Brief:
Restate all the entries exactly as they appear, apart from the pictures.

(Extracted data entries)
BEGIN

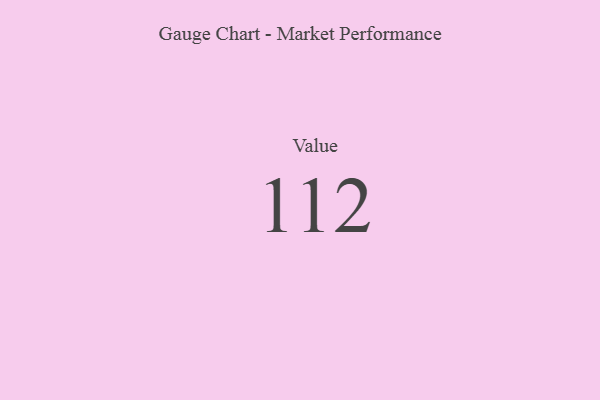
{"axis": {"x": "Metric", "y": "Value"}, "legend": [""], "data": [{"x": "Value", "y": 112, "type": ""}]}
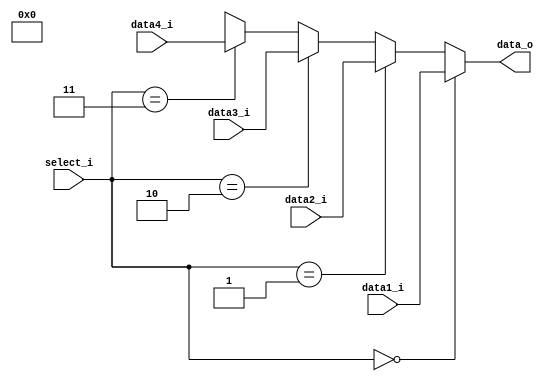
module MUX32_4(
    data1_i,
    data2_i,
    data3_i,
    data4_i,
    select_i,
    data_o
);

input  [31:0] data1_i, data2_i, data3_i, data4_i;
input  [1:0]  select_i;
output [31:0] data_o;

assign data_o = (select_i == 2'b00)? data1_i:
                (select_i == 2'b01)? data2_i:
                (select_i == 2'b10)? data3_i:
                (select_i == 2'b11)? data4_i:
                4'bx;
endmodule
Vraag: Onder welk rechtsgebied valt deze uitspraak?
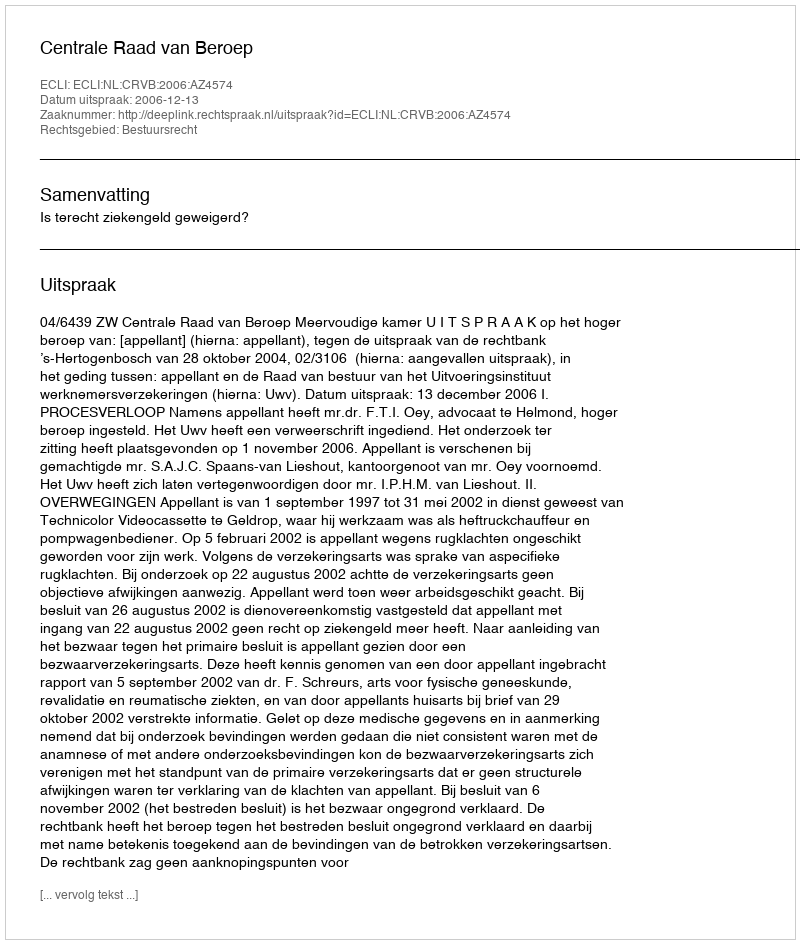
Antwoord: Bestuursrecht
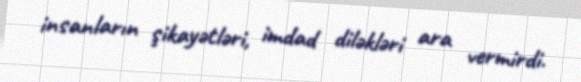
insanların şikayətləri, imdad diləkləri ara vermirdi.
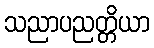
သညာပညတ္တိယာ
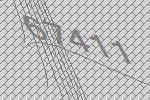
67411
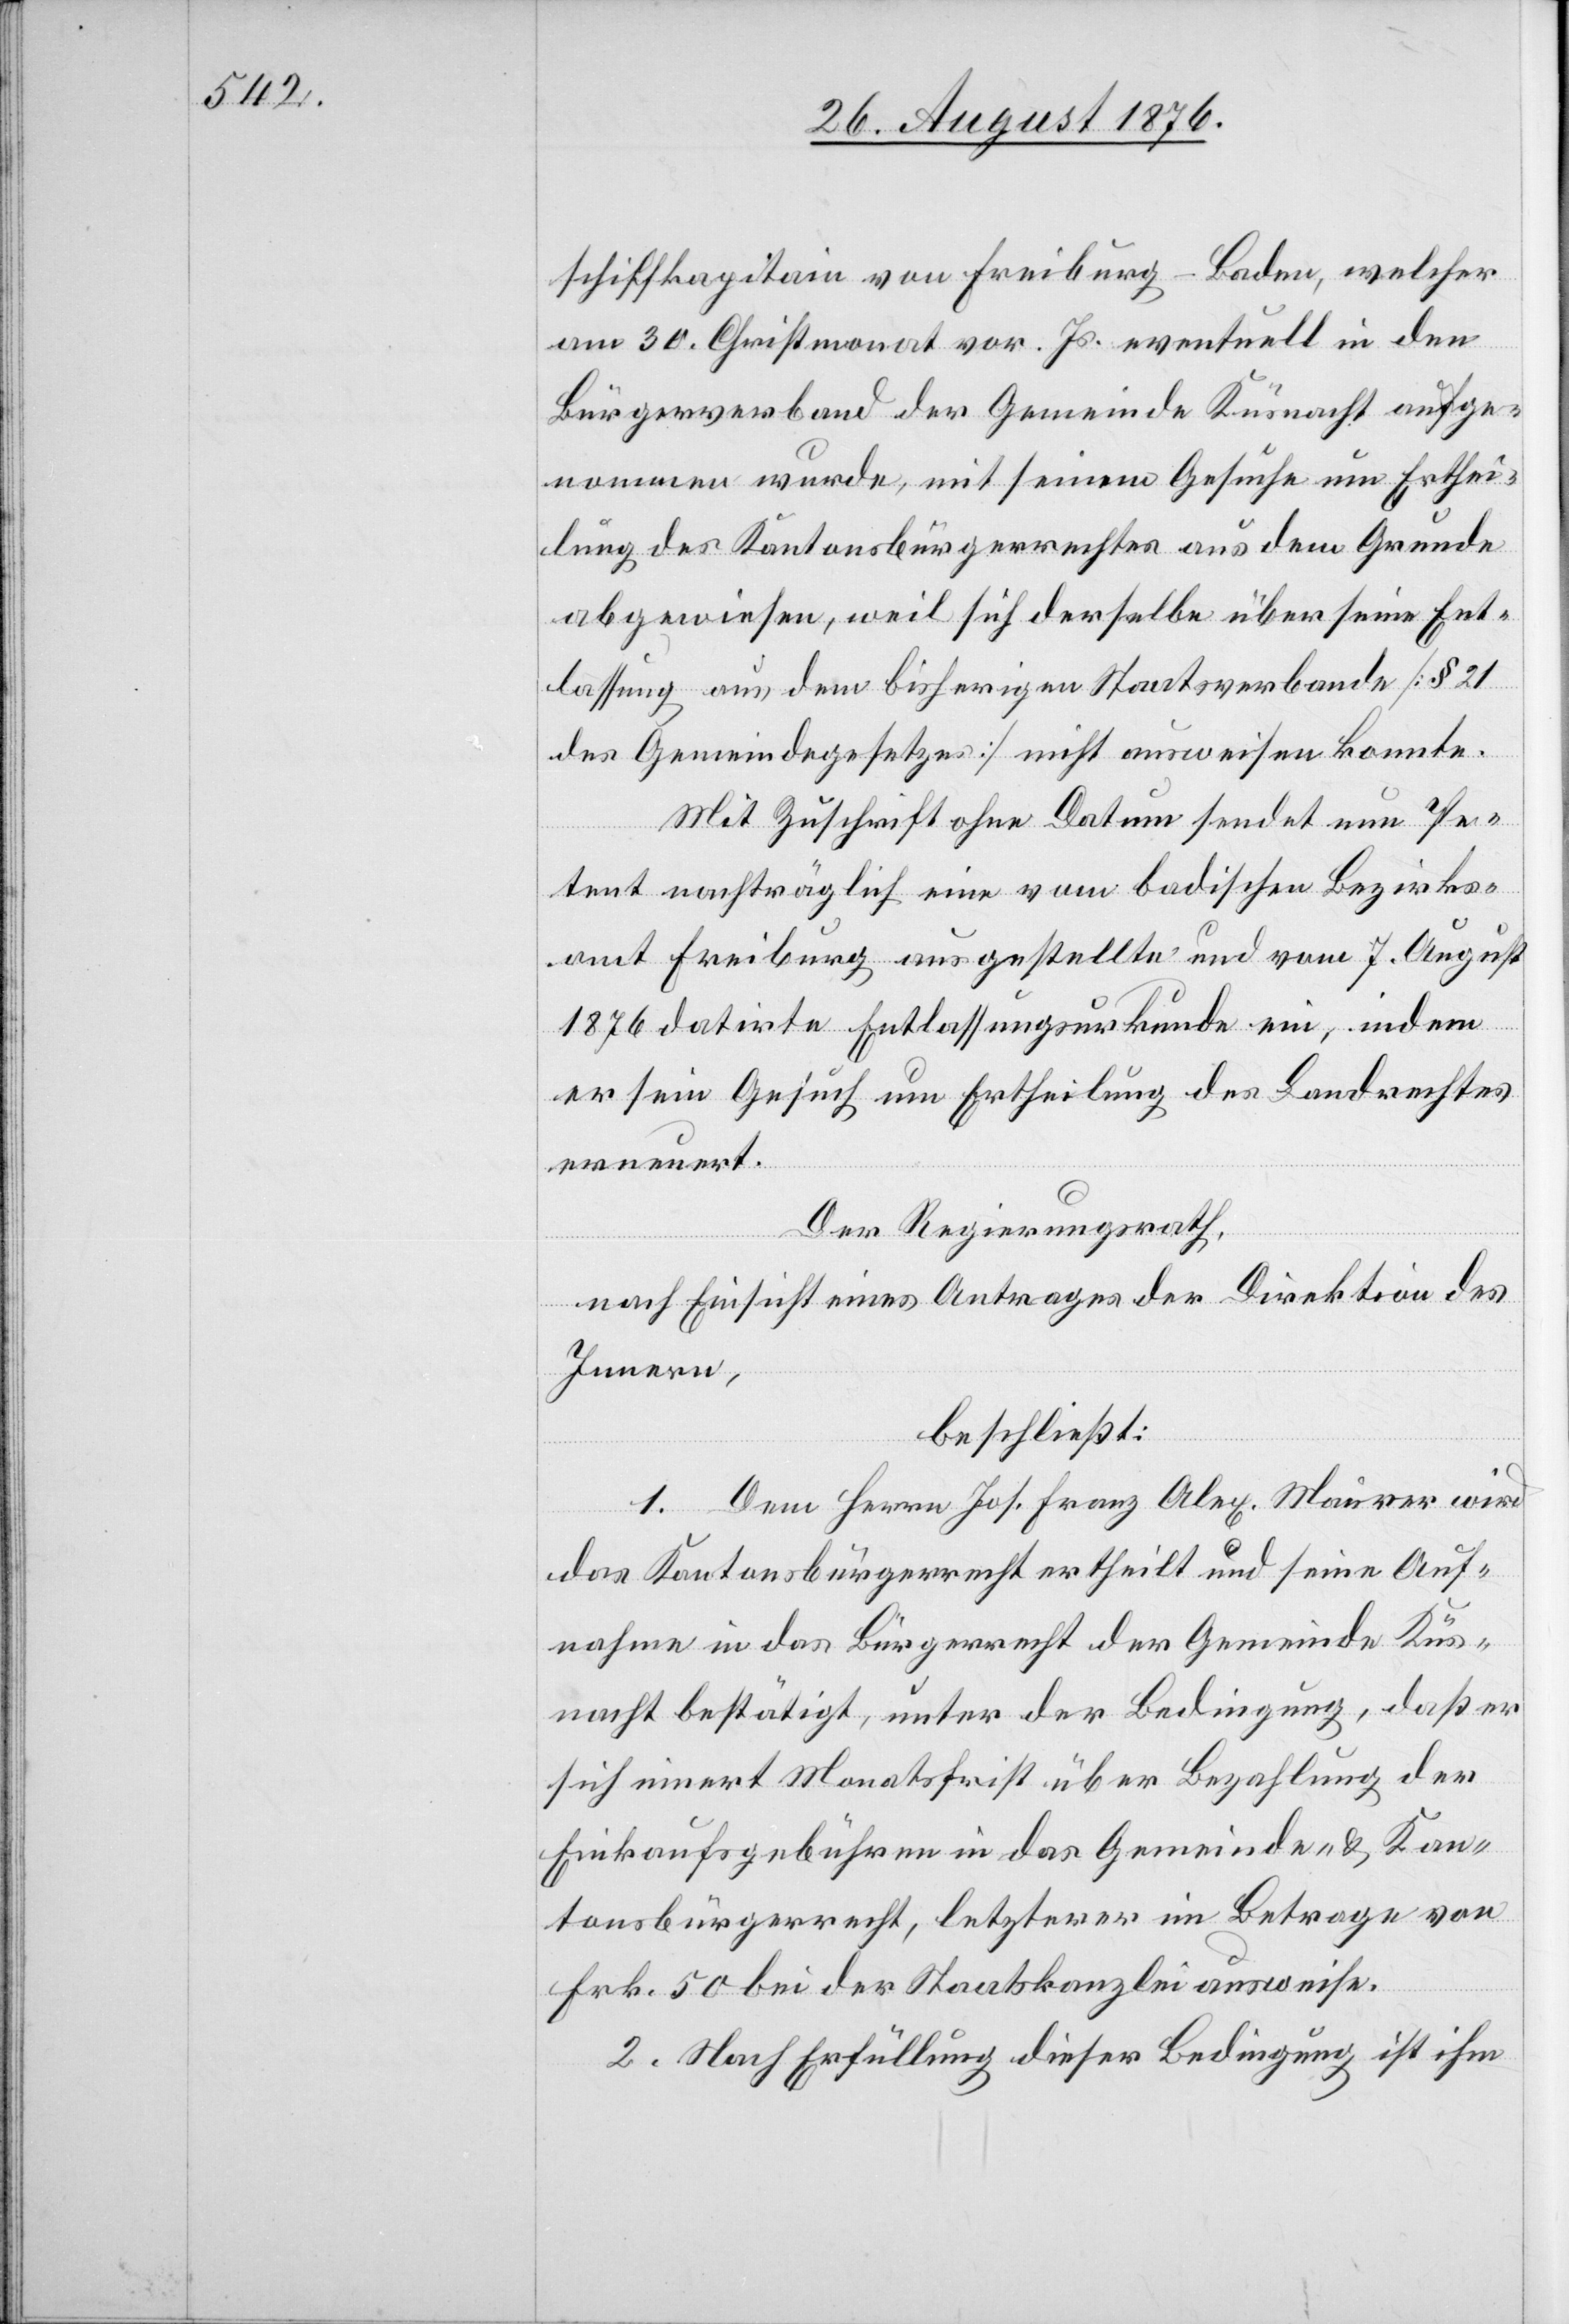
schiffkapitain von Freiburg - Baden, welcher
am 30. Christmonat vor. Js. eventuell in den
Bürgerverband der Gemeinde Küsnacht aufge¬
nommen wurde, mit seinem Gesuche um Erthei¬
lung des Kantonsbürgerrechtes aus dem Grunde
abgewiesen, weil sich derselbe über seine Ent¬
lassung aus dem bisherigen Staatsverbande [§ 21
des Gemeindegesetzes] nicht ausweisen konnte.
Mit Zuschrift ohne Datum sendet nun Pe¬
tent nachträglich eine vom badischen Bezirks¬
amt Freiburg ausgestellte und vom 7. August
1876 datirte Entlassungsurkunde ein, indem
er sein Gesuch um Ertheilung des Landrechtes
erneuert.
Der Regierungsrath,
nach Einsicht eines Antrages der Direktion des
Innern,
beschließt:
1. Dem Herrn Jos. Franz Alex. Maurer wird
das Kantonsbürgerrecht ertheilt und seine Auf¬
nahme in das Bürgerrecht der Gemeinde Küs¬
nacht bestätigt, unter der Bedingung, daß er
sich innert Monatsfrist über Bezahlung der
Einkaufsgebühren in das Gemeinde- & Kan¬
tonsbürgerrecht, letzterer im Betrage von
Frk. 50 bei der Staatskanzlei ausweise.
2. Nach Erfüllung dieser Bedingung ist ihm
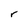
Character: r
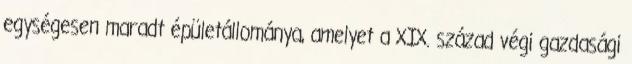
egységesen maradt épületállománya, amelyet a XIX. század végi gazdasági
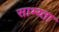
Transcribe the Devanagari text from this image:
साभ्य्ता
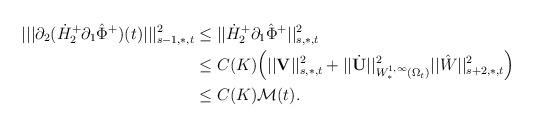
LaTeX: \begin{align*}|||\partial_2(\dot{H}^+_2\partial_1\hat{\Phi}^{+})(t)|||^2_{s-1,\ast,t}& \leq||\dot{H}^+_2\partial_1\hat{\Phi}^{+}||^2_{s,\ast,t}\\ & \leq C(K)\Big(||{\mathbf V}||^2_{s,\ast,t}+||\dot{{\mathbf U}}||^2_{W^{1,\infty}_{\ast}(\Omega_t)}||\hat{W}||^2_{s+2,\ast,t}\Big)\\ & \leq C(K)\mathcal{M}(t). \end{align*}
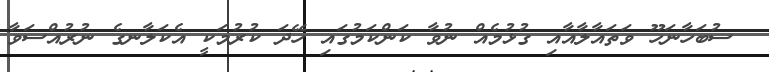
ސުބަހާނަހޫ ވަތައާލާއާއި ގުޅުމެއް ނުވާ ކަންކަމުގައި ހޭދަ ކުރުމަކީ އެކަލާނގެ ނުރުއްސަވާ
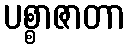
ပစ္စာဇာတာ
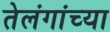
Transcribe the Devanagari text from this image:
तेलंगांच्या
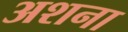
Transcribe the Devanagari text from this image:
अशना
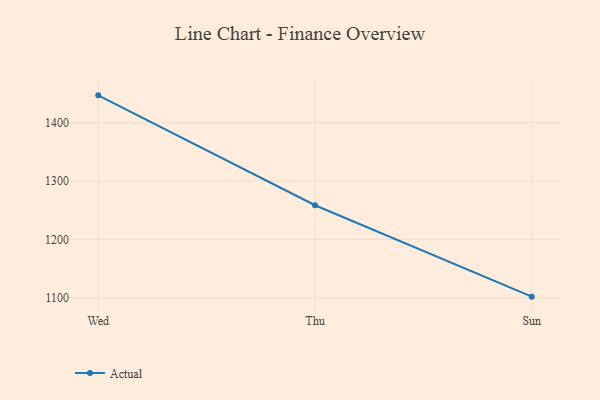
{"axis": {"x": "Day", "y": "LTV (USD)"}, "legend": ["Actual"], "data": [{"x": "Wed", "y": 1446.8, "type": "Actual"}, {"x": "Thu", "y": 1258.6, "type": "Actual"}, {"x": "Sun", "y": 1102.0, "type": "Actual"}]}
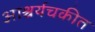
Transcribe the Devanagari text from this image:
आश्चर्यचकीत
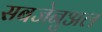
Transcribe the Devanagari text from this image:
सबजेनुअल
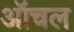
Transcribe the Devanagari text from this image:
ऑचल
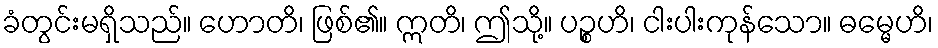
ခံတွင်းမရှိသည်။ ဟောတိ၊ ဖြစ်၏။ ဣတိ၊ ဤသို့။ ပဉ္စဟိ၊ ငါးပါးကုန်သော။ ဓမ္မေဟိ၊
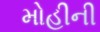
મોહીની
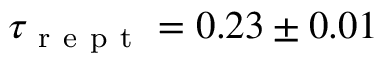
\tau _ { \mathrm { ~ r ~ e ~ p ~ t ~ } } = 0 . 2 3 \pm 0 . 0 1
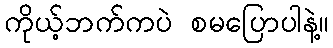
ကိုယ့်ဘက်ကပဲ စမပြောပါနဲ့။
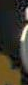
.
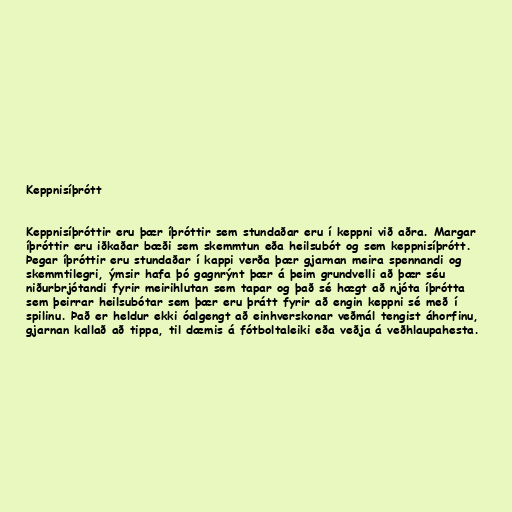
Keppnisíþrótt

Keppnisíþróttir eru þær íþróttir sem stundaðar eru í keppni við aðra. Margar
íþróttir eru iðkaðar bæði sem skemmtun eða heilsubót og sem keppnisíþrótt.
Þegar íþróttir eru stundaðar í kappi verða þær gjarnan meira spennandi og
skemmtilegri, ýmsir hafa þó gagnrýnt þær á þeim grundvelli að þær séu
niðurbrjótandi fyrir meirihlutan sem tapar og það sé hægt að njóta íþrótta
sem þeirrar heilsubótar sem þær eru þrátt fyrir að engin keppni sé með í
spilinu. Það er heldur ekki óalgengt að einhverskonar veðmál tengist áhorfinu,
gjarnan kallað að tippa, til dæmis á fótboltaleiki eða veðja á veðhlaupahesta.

END

Answer for this exercise:
{"axis": {"x": "Metric", "y": "Value"}, "legend": [""], "data": [{"x": "Value", "y": 112, "type": ""}]}
module MUX32_4(
    data1_i,
    data2_i,
    data3_i,
    data4_i,
    select_i,
    data_o
);

input  [31:0] data1_i, data2_i, data3_i, data4_i;
input  [1:0]  select_i;
output [31:0] data_o;

assign data_o = (select_i == 2'b00)? data1_i:
                (select_i == 2'b01)? data2_i:
                (select_i == 2'b10)? data3_i:
                (select_i == 2'b11)? data4_i:
                4'bx;
endmodule
Vraag: Onder welk rechtsgebied valt deze uitspraak?
Antwoord: Bestuursrecht
insanların şikayətləri, imdad diləkləri ara vermirdi.
သညာပညတ္တိယာ
67411
schiffkapitain von Freiburg - Baden, welcher
am 30. Christmonat vor. Js. eventuell in den
Bürgerverband der Gemeinde Küsnacht aufge¬
nommen wurde, mit seinem Gesuche um Erthei¬
lung des Kantonsbürgerrechtes aus dem Grunde
abgewiesen, weil sich derselbe über seine Ent¬
lassung aus dem bisherigen Staatsverbande [§ 21
des Gemeindegesetzes] nicht ausweisen konnte.
Mit Zuschrift ohne Datum sendet nun Pe¬
tent nachträglich eine vom badischen Bezirks¬
amt Freiburg ausgestellte und vom 7. August
1876 datirte Entlassungsurkunde ein, indem
er sein Gesuch um Ertheilung des Landrechtes
erneuert.
Der Regierungsrath,
nach Einsicht eines Antrages der Direktion des
Innern,
beschließt:
1. Dem Herrn Jos. Franz Alex. Maurer wird
das Kantonsbürgerrecht ertheilt und seine Auf¬
nahme in das Bürgerrecht der Gemeinde Küs¬
nacht bestätigt, unter der Bedingung, daß er
sich innert Monatsfrist über Bezahlung der
Einkaufsgebühren in das Gemeinde- & Kan¬
tonsbürgerrecht, letzterer im Betrage von
Frk. 50 bei der Staatskanzlei ausweise.
2. Nach Erfüllung dieser Bedingung ist ihm
Character: r
egységesen maradt épületállománya, amelyet a XIX. század végi gazdasági
Transcribe the Devanagari text from this image:
साभ्य्ता
LaTeX: \begin{align*}|||\partial_2(\dot{H}^+_2\partial_1\hat{\Phi}^{+})(t)|||^2_{s-1,\ast,t}& \leq||\dot{H}^+_2\partial_1\hat{\Phi}^{+}||^2_{s,\ast,t}\\ & \leq C(K)\Big(||{\mathbf V}||^2_{s,\ast,t}+||\dot{{\mathbf U}}||^2_{W^{1,\infty}_{\ast}(\Omega_t)}||\hat{W}||^2_{s+2,\ast,t}\Big)\\ & \leq C(K)\mathcal{M}(t). \end{align*}
ސުބަހާނަހޫ ވަތައާލާއާއި ގުޅުމެއް ނުވާ ކަންކަމުގައި ހޭދަ ކުރުމަކީ އެކަލާނގެ ނުރުއްސަވާ
ပစ္စာဇာတာ
Transcribe the Devanagari text from this image:
तेलंगांच्या
Transcribe the Devanagari text from this image:
अशना
{"axis": {"x": "Day", "y": "LTV (USD)"}, "legend": ["Actual"], "data": [{"x": "Wed", "y": 1446.8, "type": "Actual"}, {"x": "Thu", "y": 1258.6, "type": "Actual"}, {"x": "Sun", "y": 1102.0, "type": "Actual"}]}
Transcribe the Devanagari text from this image:
आश्चर्यचकीत
Transcribe the Devanagari text from this image:
सबजेनुअल
Transcribe the Devanagari text from this image:
ऑचल
ခံတွင်းမရှိသည်။ ဟောတိ၊ ဖြစ်၏။ ဣတိ၊ ဤသို့။ ပဉ္စဟိ၊ ငါးပါးကုန်သော။ ဓမ္မေဟိ၊
મોહીની
\tau _ { \mathrm { ~ r ~ e ~ p ~ t ~ } } = 0 . 2 3 \pm 0 . 0 1
ကိုယ့်ဘက်ကပဲ စမပြောပါနဲ့။
.
Keppnisíþrótt

Keppnisíþróttir eru þær íþróttir sem stundaðar eru í keppni við aðra. Margar
íþróttir eru iðkaðar bæði sem skemmtun eða heilsubót og sem keppnisíþrótt.
Þegar íþróttir eru stundaðar í kappi verða þær gjarnan meira spennandi og
skemmtilegri, ýmsir hafa þó gagnrýnt þær á þeim grundvelli að þær séu
niðurbrjótandi fyrir meirihlutan sem tapar og það sé hægt að njóta íþrótta
sem þeirrar heilsubótar sem þær eru þrátt fyrir að engin keppni sé með í
spilinu. Það er heldur ekki óalgengt að einhverskonar veðmál tengist áhorfinu,
gjarnan kallað að tippa, til dæmis á fótboltaleiki eða veðja á veðhlaupahesta.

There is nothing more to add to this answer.